- Greek crisis Summit on Monday, while Eurogroup to be scheduled before that
- Eurozone banks took up EUR 74bn in the ECB’s fourth TLTRO
- Higher energy prices, lift US consumer prices, while a stronger dollar pushes down core prices
Europe to increase efforts to reach Greece deal
Thursday’s Eurogroup made little progress towards a deal on Greece, though there will now be an emergency Euro Summit on Monday. In addition, a Eurogroup meeting will be planned before then, in order to lay the groundwork for a deal. All this shows that despite the heated rhetoric a strong push is being made to reach an agreement before the end of the month, when IMF payments fall due. The pressure to reach a deal was also underlined by reports that in the first four days of this week, Greek deposit outflows accelerated to EUR 3bn. Apparently the Bank of Greece will request an increase in the ELA limit today.
Fourth ECB TLTRO sees high demand again …
The ECB allotted EUR 73.8bn in its fourth TLTRO, following EUR 97.8bn in the third operation in March. As in the first three TLTROs, it was mainly Spanish and Italian banks that took up the loans. In the four TLTROs that have been allotted so far, banks have borrowed a total amount of EUR 385bn, which is equal to almost 4% of eurozone GDP. The borrowing allowance of the first two TLTROs (in Sep and Dec 2014) was based on the outstanding amounts of bank loans to non-financial corporations and households (ex. mortgages) at the end of April 2014. In contrast, the allowance for the third and fourth operations was based on the increase in lending between the end of April 2014 and the reference month of the relevant TLTRO, versus a certain threshold. Therefore, the positive take-up in TLTROs 3-4 indicates that bank lending to the private sector is picking up.

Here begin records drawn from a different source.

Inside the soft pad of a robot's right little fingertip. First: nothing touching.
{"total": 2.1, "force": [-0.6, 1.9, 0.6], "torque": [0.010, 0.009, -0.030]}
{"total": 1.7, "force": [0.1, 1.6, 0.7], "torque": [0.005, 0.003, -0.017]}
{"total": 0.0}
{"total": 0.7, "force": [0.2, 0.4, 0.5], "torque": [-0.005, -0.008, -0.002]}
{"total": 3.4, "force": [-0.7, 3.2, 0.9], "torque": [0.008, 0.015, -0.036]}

… as bank lending increases
Indeed, ECB data shows that the monthly flow in loans to households and non-financial corporations (adjusted for sales and securitization) turned positive in August 2014, after having contracted almost non-stop during the previous two years. It has accelerated markedly since the start of this year. In April, the monthly flow came out at EUR 15bn, up from EUR 9bn in March. This rise in bank lending has also been signalled by the last couple of quarterly ECB Bank Lending Surveys, which have shown that banks are easing lending conditions, while demand for bank loans is rising.
US consumer prices rise in May
US headline consumer prices recorded the largest increase in two years in May, rising 0.4%, up from 0.1% the previous month, boosted by a 4.3% increase in energy prices. The core CPI showed some softness, rising just 0.1%, down from 0.3% in April. Mainly apparel and used cars declined in May. Import prices for non-oil imports continue to fall and this could be pushing down core inflation a bit. This impact should diminish in time. Compared to a year earlier, prices were unchanged, while core CPI was up 1.7%.

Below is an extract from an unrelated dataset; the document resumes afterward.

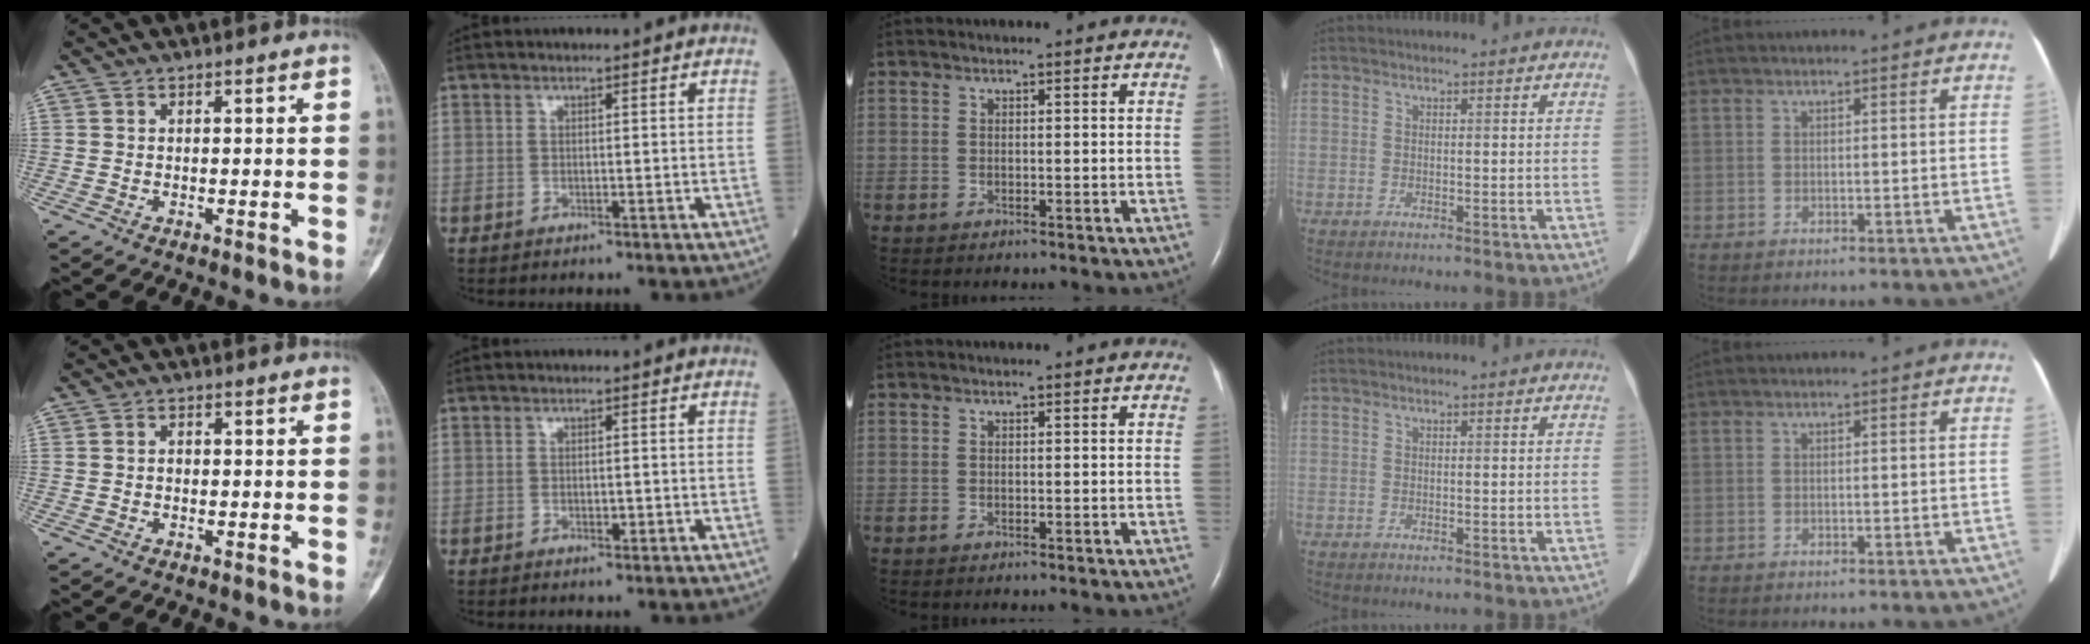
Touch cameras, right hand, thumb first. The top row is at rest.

Fed remains confident about inflation reaching 2% target
We don’t think that the somewhat weaker core CPI will change the view of the Fed on a rate hike, as early as September. Wednesday’s FOMC press statement suggests the Fed remains confident that inflation will gradually move to its 2% target and that it does not have to wait for inflation to reach this target to hike rates.
US labour market remains solid
Meanwhile, initial jobless claims declined to 267k in the week ended June 13 from 279K last week. This is the week which the government surveys employers for the June nonfarm payrolls, suggesting that this job report will be strong.